ABOUT THIS TASK:
Every picture should be left out, but the lines below must be repeated exactly.

RAW DATA:
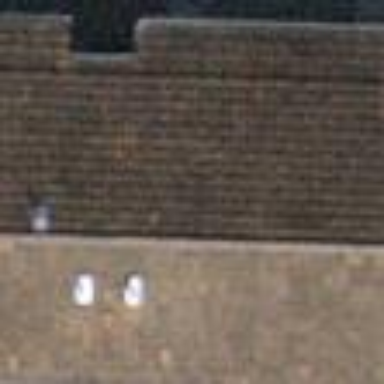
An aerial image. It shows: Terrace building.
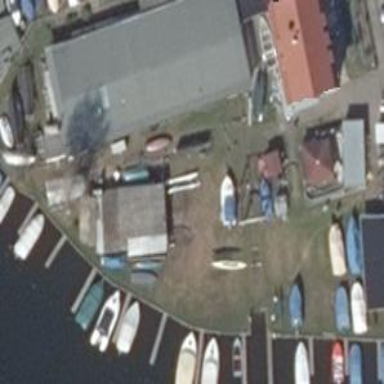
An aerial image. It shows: Shed.
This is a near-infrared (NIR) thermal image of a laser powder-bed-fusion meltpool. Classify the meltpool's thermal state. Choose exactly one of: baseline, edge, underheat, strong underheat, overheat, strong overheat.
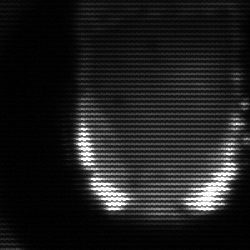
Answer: baseline
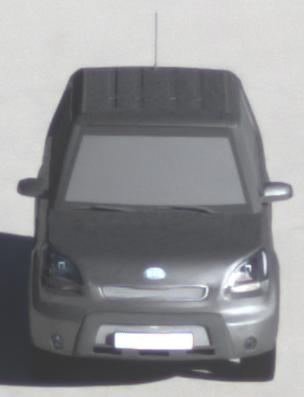
Make: KIA
Model: Soul 1.6
Detailed model: Soul (AM)
Model produced from: 2009/02
Model produced until: 2009/11
Doors: 5
Color: gray
Road condition: dry road
Daytime: sunrise or sunset
Contrast: medium contrast

TASK ANSWER:
An aerial image. It shows: Terrace building.
An aerial image. It shows: Shed.
This is a near-infrared (NIR) thermal image of a laser powder-bed-fusion meltpool. Classify the meltpool's thermal state. Choose exactly one of: baseline, edge, underheat, strong underheat, overheat, strong overheat.
Answer: baseline
Make: KIA
Model: Soul 1.6
Detailed model: Soul (AM)
Model produced from: 2009/02
Model produced until: 2009/11
Doors: 5
Color: gray
Road condition: dry road
Daytime: sunrise or sunset
Contrast: medium contrast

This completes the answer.